UK confirms extended detentions of up to 90 Afghans


Under international rules, detainees can normally be held for 96 hours

British forces are detaining 80 to 90 Afghan nationals in a holding facility at Camp Bastion, Defence Secretary Philip Hammond has confirmed.

UK lawyers acting for eight of the men said they had been held for up to 14 months without charge in what could amount to unlawful detention.

They compared it to when the public became aware of Guantanamo Bay and want the UK High Court to free the men.

But Mr Hammond said their release would put British troops at risk.

British forces in Afghanistan are allowed to detain suspects for 96 hours.

However, in "exceptional circumstances" to gather critical intelligence, for example - they can hold them for longer.

'Patently absurd'

Documents seen by the BBC suggest 85 suspected insurgents are being held at Camp Bastion.

UK lawyers acting for eight of the men being detained said their clients were arrested by British soldiers in raids in villages in Helmand and Kandahar provinces and have been held for between eight and 14 months without charge.

But the defence secretary dismissed claims that the UK is operating a secret facility in Afghanistan as "patently absurd".


British soldiers in Helmand will have welcomed the comments by Defence Secretary Philip Hammond on the BBC today that the only alternative to holding prisoners was to "release them onto the battlefield".

They face a dilemma.
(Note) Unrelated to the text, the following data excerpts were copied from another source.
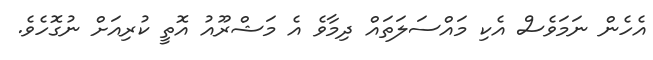
އެހެން ނަމަވެސް އެކި މައްސަލަތައް ދިމާވެ އެ މަޝްރޫއު އޮތީ ކުރިއަށް ނުގޮހެވެ.
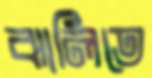
ঝালিতে
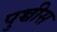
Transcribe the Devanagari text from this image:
पुच्चीस
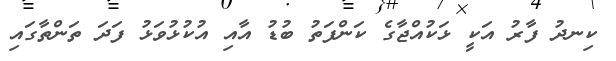
ކިނދު ފާރު އަކީ ޅަކުއްޖާގެ ކަންފަތު ބުޑު އާއި އުކުޅުވަޅު ފަދަ ތަންތާގައި
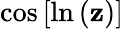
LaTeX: \cos{[\ln{(\mathbf{z})}]}
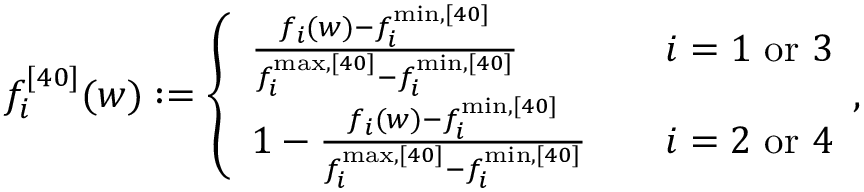
f _ { i } ^ { [ 4 0 ] } ( w ) : = \left\{ \begin{array} { l l } { \frac { f _ { i } ( w ) - f _ { i } ^ { \mathrm { m i n } , [ 4 0 ] } } { f _ { i } ^ { \mathrm { m a x } , [ 4 0 ] } - f _ { i } ^ { \mathrm { m i n } , [ 4 0 ] } } } & { \quad i = 1 \mathrm { ~ o r ~ } 3 } \\ { 1 - \frac { f _ { i } ( w ) - f _ { i } ^ { \mathrm { m i n } , [ 4 0 ] } } { f _ { i } ^ { \mathrm { m a x } , [ 4 0 ] } - f _ { i } ^ { \mathrm { m i n } , [ 4 0 ] } } } & { \quad i = 2 \mathrm { ~ o r ~ } 4 } \end{array} , \right.
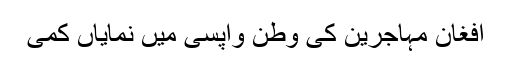
افغان مہاجرین کی وطن واپسی میں نمایاں کمی
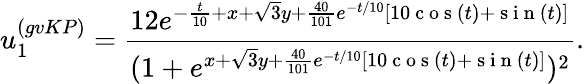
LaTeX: u_{1}^{(gvKP)}=\frac{12e^{-\frac{t}{10}+x+\sqrt{3}y+\frac{40}{101}e^{-t/10}[10\mathrm{~c~o~s~}(t)+\mathrm{~s~i~n~}(t)]}}{(1+e^{x+\sqrt{3}y+\frac{40}{101}e^{-t/10}[10\mathrm{~c~o~s~}(t)+\mathrm{~s~i~n~}(t)]})^{2}}.
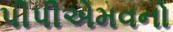
પીપીએમવનો
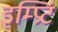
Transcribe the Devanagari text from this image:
इम्‍प्रिंट
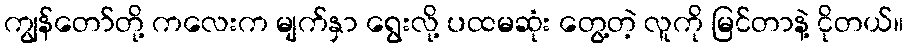
ကျွန်တော်တို့ ကလေးက မျက်နှာ ရွေးလို့ ပထမဆုံး တွေ့တဲ့ လူကို မြင်တာနဲ့ ငိုတယ်။
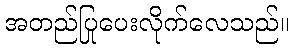
အတည်ပြုပေးလိုက်လေသည်။
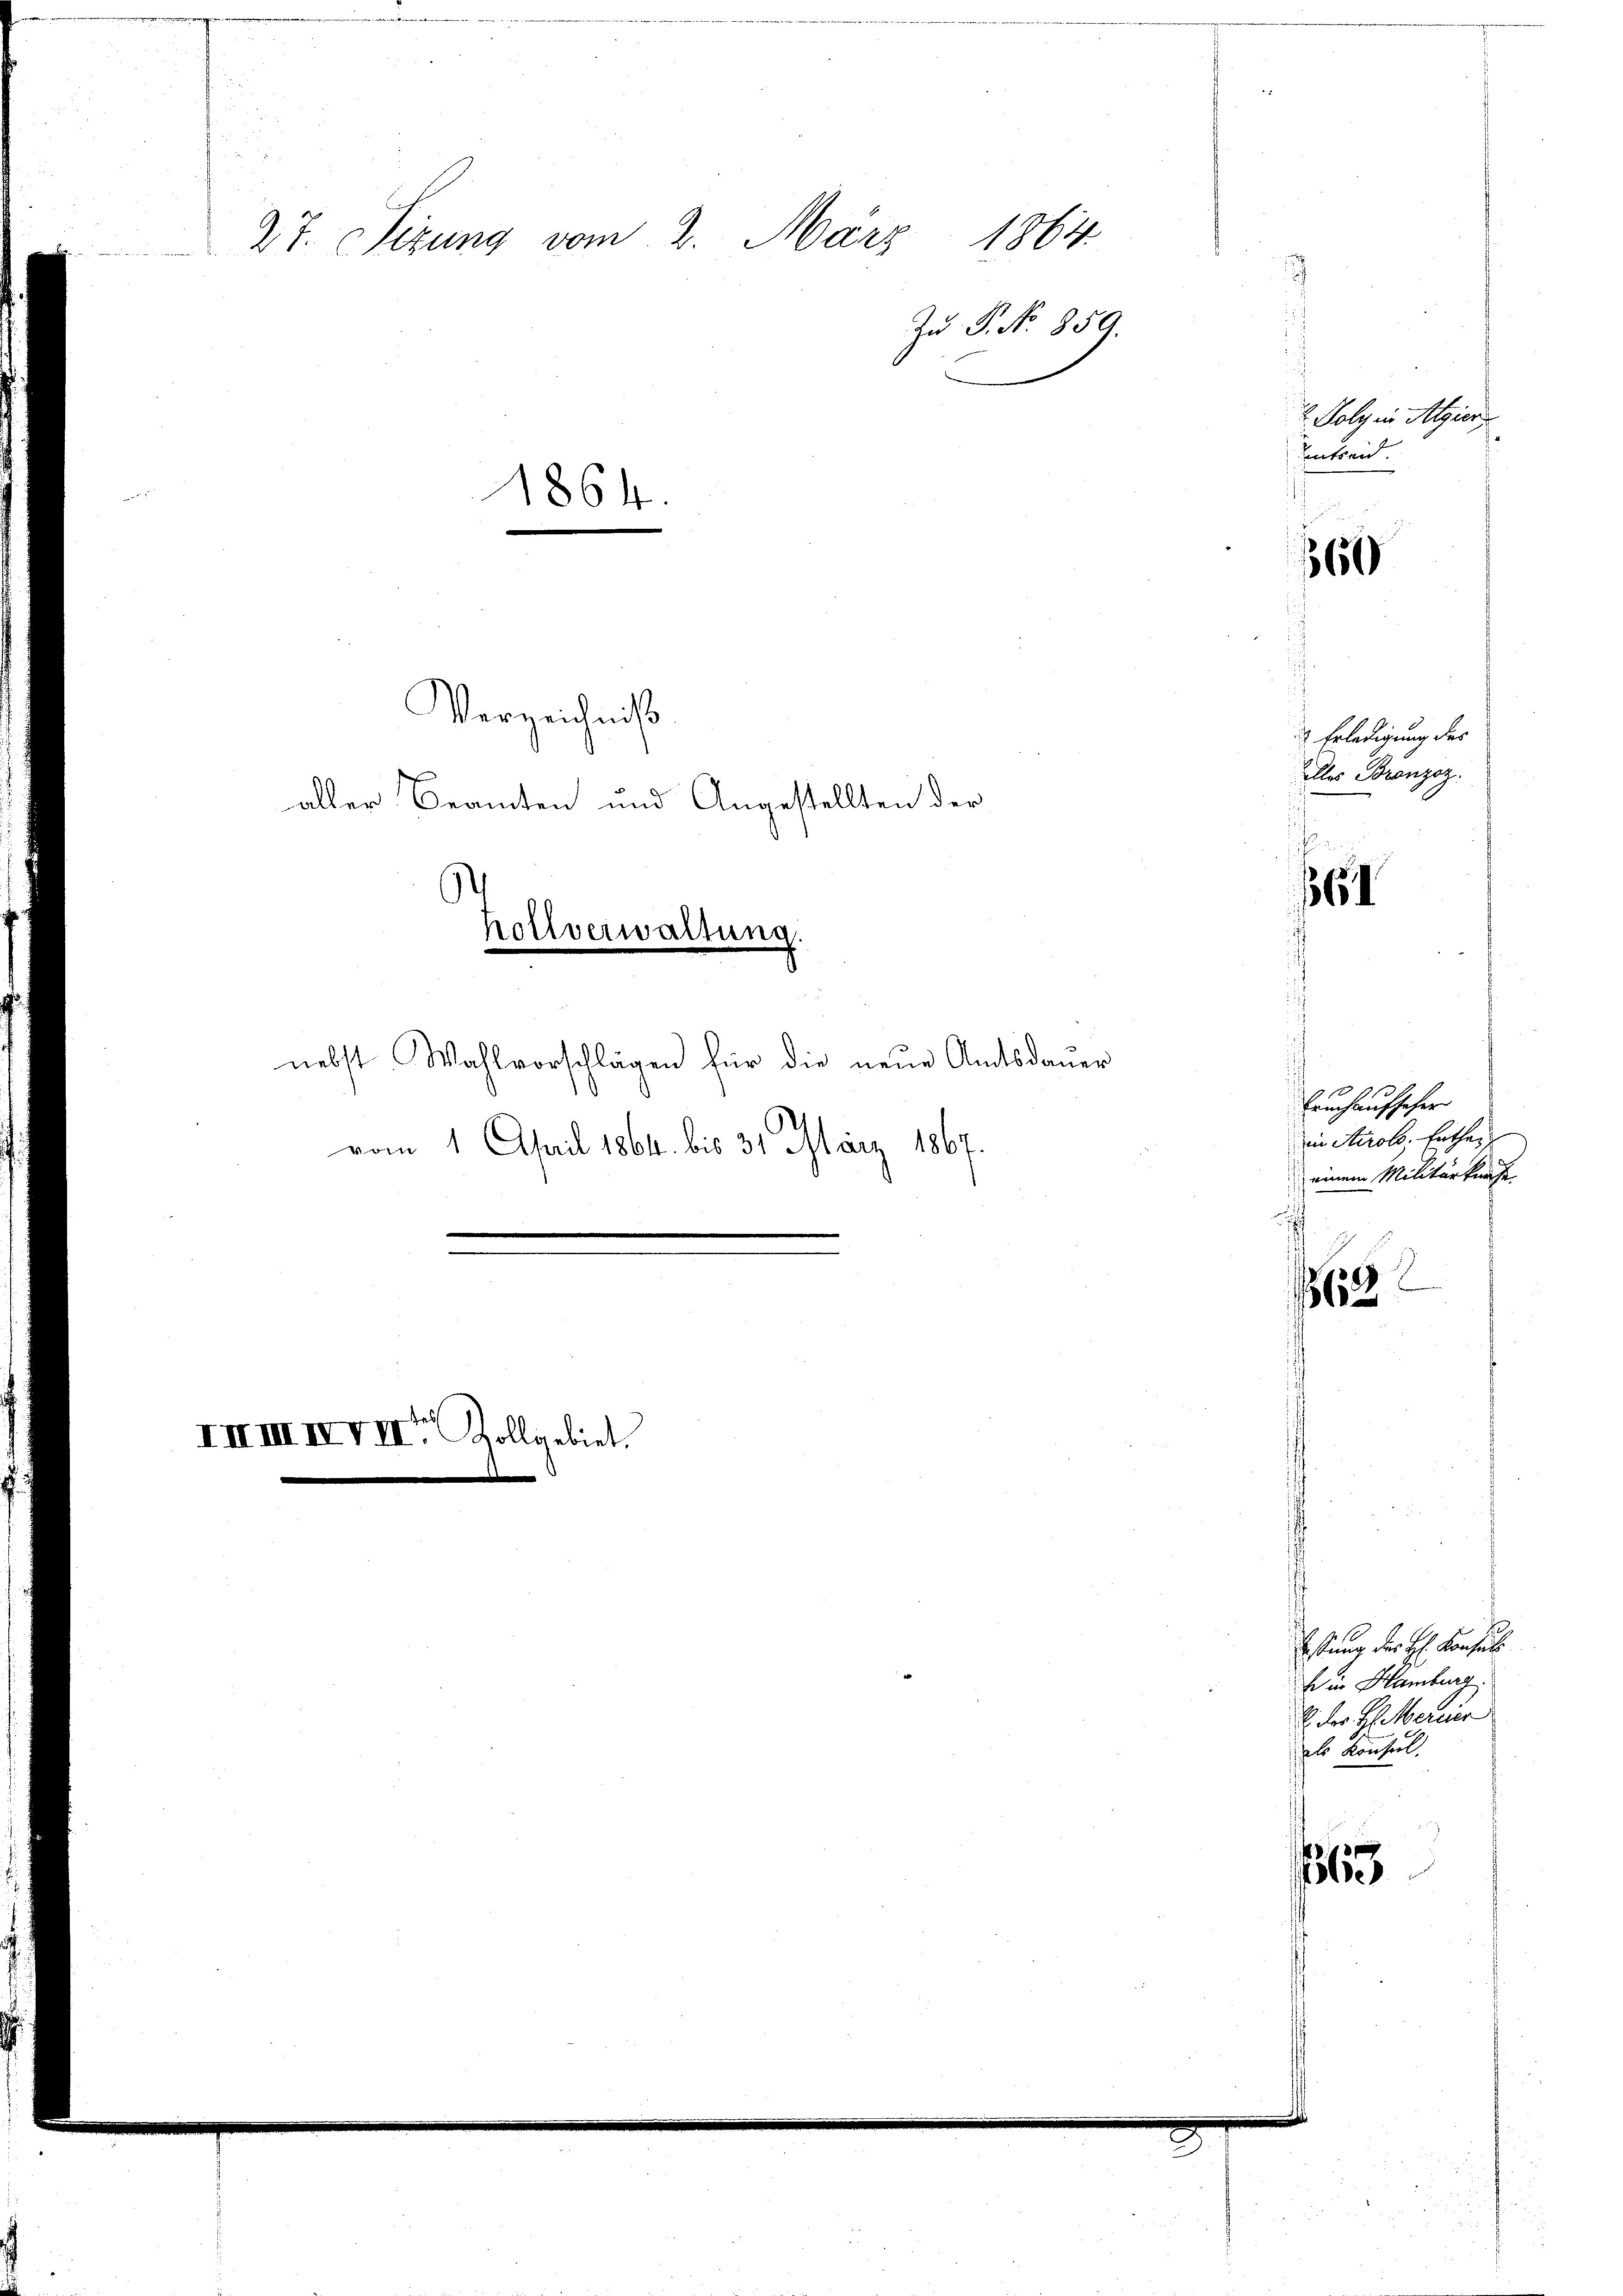
27. Sizung vom 2. März 1864.

¬
hollverwaltung
nebst. Wahlvorschlägen für die neŭe Amtsdaŭer

1864.

IIIIIIVIIr Zollgebiet

Verzeichniß
aller Beamten und Angestellten der

vom 1. April 1864. bis 31. März 1867.

Zu P. No. 859

Estung der Hr. Konsuls
E in Hamburg
V. der H. Mercier
ht Kaiserl.
1863

2 Poly in Algier
Untreid

360

Erledigung des
alles Bronzoz.

61

Bauch aufscher
in Airolo. Entheil
einem Militärkräfe
s

62
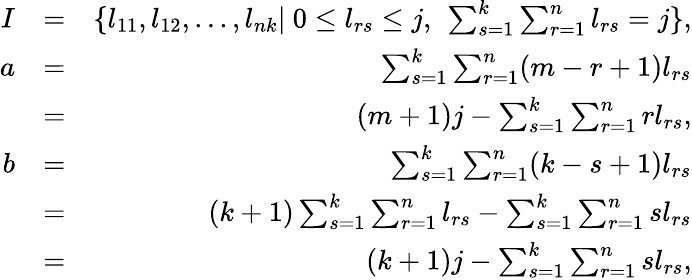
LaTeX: \begin{array}{rlr}{I}&{=}&{\{ l_{11},l_{12},...,l_{nk}|\mathrm{~}0\leq l_{rs}\leq j\mathrm{,~}\sum_{s=1}^{k}\sum_{r=1}^{n}l_{rs}=j\} ,}\\ {a}&{=}&{\sum_{s=1}^{k}\sum_{r=1}^{n}(m-r+1)l_{rs}}\\ &{=}&{(m+1)j-\sum_{s=1}^{k}\sum_{r=1}^{n}rl_{rs}\mathrm{,}}\\ {b}&{=}&{\sum_{s=1}^{k}\sum_{r=1}^{n}(k-s+1)l_{rs}}\\ &{=}&{(k+1)\sum_{s=1}^{k}\sum_{r=1}^{n}l_{rs}-\sum_{s=1}^{k}\sum_{r=1}^{n}sl_{rs}}\\ &{=}&{(k+1)j-\sum_{s=1}^{k}\sum_{r=1}^{n}sl_{rs},}\end{array}
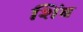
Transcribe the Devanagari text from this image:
शिंब
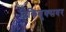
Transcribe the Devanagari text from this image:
विकिबुक्सवर
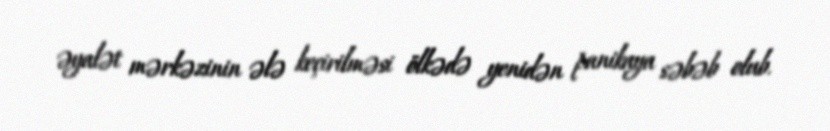
əyalət mərkəzinin ələ keçirilməsi ölkədə yenidən panikaya səbəb olub.
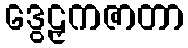
ဒွေဠှကဇာတာ
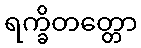
ရက္ခိတတ္တော
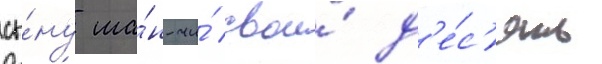
сы́ну ша́н-чи́ свои́ д'е́с'ять
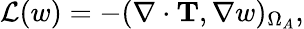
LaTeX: \mathcal{L}(w)=-(\nabla\cdot\mathbf{T},\nabla w)_{\Omega_{A}},
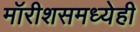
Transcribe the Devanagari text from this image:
मॉरीशसमध्येही
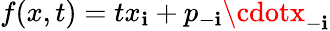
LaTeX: f(x,t)=tx_{\mathbf{i}}+p_{-\mathbf{i}}\cdotx_{-\mathbf{i}}
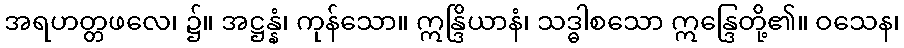
အရဟတ္တဖလေ၊ ၌။ အဋ္ဌန္နံ၊ ကုန်သော။ ဣန္ဒြိယာနံ၊ သဒ္ဓါစသော ဣန္ဒြေတို့၏။ ဝသေန၊
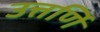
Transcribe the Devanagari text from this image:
उत्तर्णि
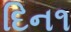
દિન૧
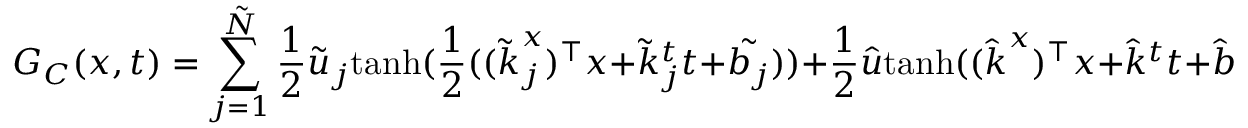
G _ { C } ( \boldsymbol { x } , t ) = \sum _ { j = 1 } ^ { \tilde { N } } \frac { 1 } { 2 } \tilde { u } _ { j } \mathrm { t a n h } ( \frac { 1 } { 2 } ( ( \boldsymbol { \tilde { k } } _ { j } ^ { x } ) ^ { \top } \boldsymbol { x } + \tilde { k } _ { j } ^ { t } t + \tilde { b _ { j } } ) ) + \frac { 1 } { 2 } \hat { u } \mathrm { t a n h } ( ( \boldsymbol { \hat { k } } ^ { x } ) ^ { \top } \boldsymbol { x } + \hat { k } ^ { t } t + \hat { b } )
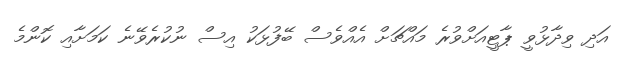
އަދި ވިދާޅުވީ ޕާޓީއަށްވުރެ މައްޗަށް އެއްވެސް ބޭފުޅަކު އިސް ނުކުރެވޭނެ ކަަމަށާއި ކޮންމެ
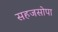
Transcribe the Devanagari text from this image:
सहजसोपा
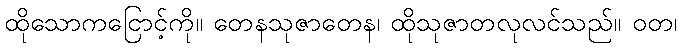
ထိုသောကငြောင့်ကို။ တေနသုဇာတေန၊ ထိုသုဇာတလုလင်သည်။ ဝတ၊
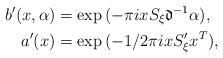
LaTeX: \begin{align*}b'(x,\alpha)&=\exp{(-\pi i xS_\xi\mathfrak{d}^{-1}\alpha)},\\a'(x)&=\exp{(-1/2\pi i xS_\xi'x^T)}, \end{align*}
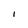
Character: I
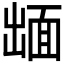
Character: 𮧋
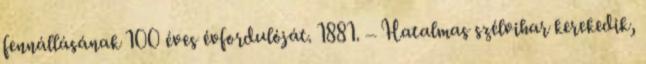
fennállásának 100 éves évfordulóját. 1881. – Hatalmas szélvihar kerekedik,
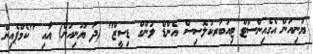
ޔުނިއަން އެގެއިންސްޓް ޓިއުބަރކުލޮސިސް އެންޑް ލަންގް ޑިސީޒް" (ދަ ޔޫނިއަން) އާއި "ކެމްޕެއިން
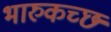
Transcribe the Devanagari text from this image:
भारुकच्छ
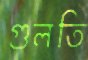
গুলতি
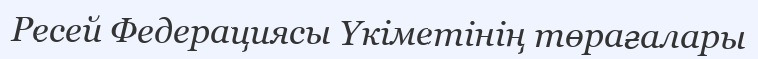
Ресей Федерациясы Үкіметінің төрағалары
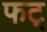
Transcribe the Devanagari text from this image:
फट्
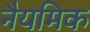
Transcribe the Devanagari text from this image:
नैयमिक
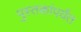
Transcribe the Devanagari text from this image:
पुस्तकांपर्यंत
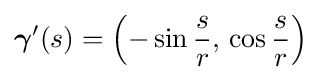
{\boldsymbol {\gamma }}'(s)=\left(-\sin {\frac {s}{r}},\,\cos {\frac {s}{r}}\right)
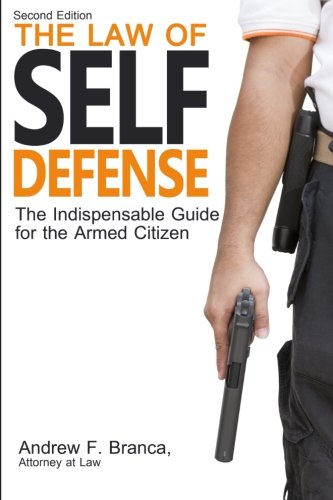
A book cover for The Law of Self Defense: The Indispensable Guide to the Armed Citizen, 2nd Edition; Andrew F. Branca; Law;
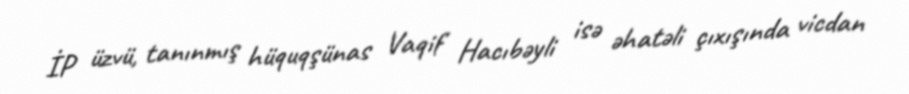
İP üzvü, tanınmış hüquqşünas Vaqif Hacıbəyli isə əhatəli çıxışında vicdan
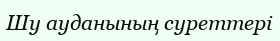
Шу ауданының суреттері
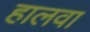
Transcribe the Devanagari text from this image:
हालवा
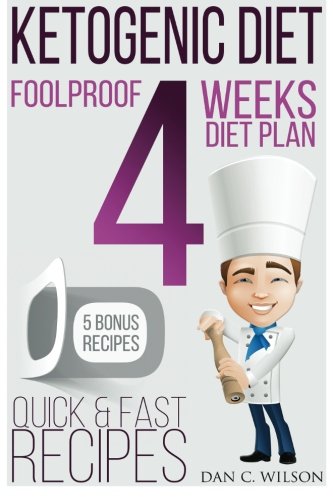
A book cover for Ketogenic Diet: Foolproof Diet Plan - Build a New Body in 4 Weeks With Quick & Fast Recipes (5 BONUS Recipes) (Ketogenic Diet Plan and Recipes); Dan C. Wilson; Cookbooks, Food & Wine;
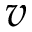
v
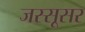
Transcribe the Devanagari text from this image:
जस्सूसर
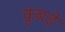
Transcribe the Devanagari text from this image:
कुबड़े
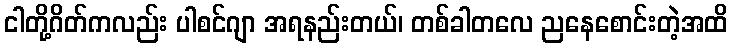
ငါတို့ဂိတ်ကလည်း ပါစင်ဂျာ အရနည်းတယ်၊ တစ်ခါတလေ ညနေစောင်းတဲ့အထိ
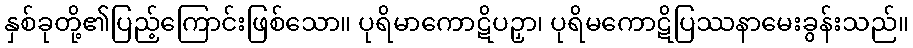
နှစ်ခုတို့၏ပြည့်ကြောင်းဖြစ်သော။ ပုရိမာကောဋိပဉှာ၊ ပုရိမကောဋိပြဿနာမေးခွန်းသည်။
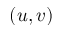
( u , v )
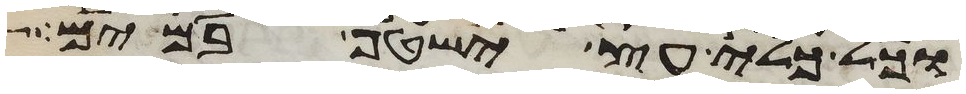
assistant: וכל כלי עץ ישטף במים
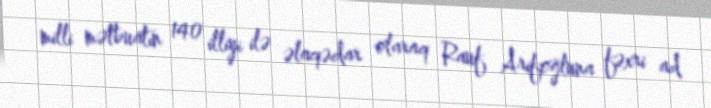
milli mətbuatın 140 illiyi ilə əlaqədar olaraq Rauf Arifoğluna fəxri ad
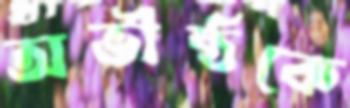
অভীষ্ঠকে
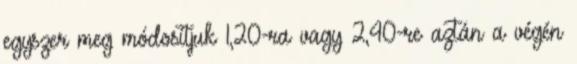
egyszer meg módosítjuk 1,20-ra vagy 2,40-re aztán a végén
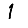
Digit: 1
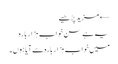
← مزید پڑھیے
یہ ہے سن خواب ہزار بارہ
میں خواب ہزار بارہ سے آیا ہوں۔
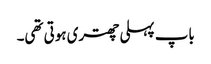
باپ پہلی چھتری ہوتی تھی۔
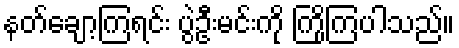
နတ်ချော့ကြရင်း ပွဲဦးမင်းကို ကြိုကြပါသည်။
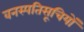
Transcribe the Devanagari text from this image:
वनस्पतिसूचियों
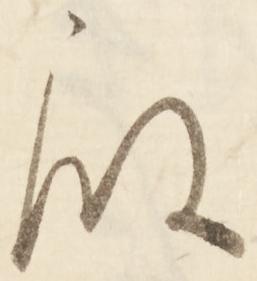
殿
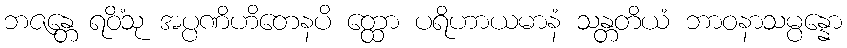
ဘဇန္တေ ရဝိံသု အပ္ပဏိဟိတေနပိ တ္ထော ပရိဟာယမာနံ သန္တတိယံ ဘာဝနာသမ္ပန္နော
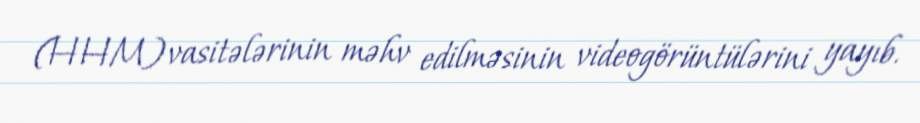
(HHM) vasitələrinin məhv edilməsinin videogörüntülərini yayıb.
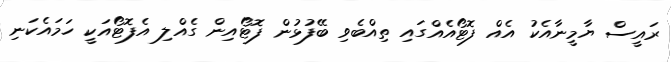
ރައީސް ޔާމީނާއެކު އެއް ފޮޓޯއެއްގައި ތިއްބެވި ބޭފުޅުން ފޮޓޯއިން ގެއްލި އެފޮޓޯއަކީ ހަމައެކަނި
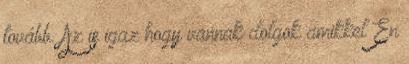
tovább. Az is igaz hogy vannak dolgok amikkel Én
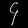
Digit: ၄
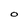
Character: O
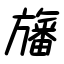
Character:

No prisoners have been handed over to Afghan custody since Britain was taken to court by lawyers for a farmer who claimed he had been tortured in an Afghan jail after being arrested by British soldiers.

When it emerged last November that Britain was holding Afghan prisoners it led to a strong reaction from President Karzai, who wants all detainees in Afghanistan to be held in Afghan facilities.

US delay in handing over Bagram prison to Afghan control soured relations between the two countries. Once that handover had been completed in March, Britain became more exposed because of its decision to continue to hold prisoners. Australian forces have also stopped handing over detainees because of concern about torture.

Mr Hammond told BBC Radio 4's Today programme that Parliament had been informed by this government and the previous one about the detention of Afghan suspects.

He declined to say how long some had been held and said the precise number of detainees fluctuated.

General Zahir Azimi, a spokesman for the Afghan Ministry of Defence, said the detentions were illegal and inhumane.

"The prisoners must be handed over to the Afghan authorities," he said. "After their handover to us, they will be dealt with according to our judicial laws, and the agreements reached with the international community."

'Secret facility'

Lawyers for the men, whom the BBC has chosen not to name over fears for their safety, launched habeas corpus applications at the High Court in London on 18 April, with a full hearing due in late July.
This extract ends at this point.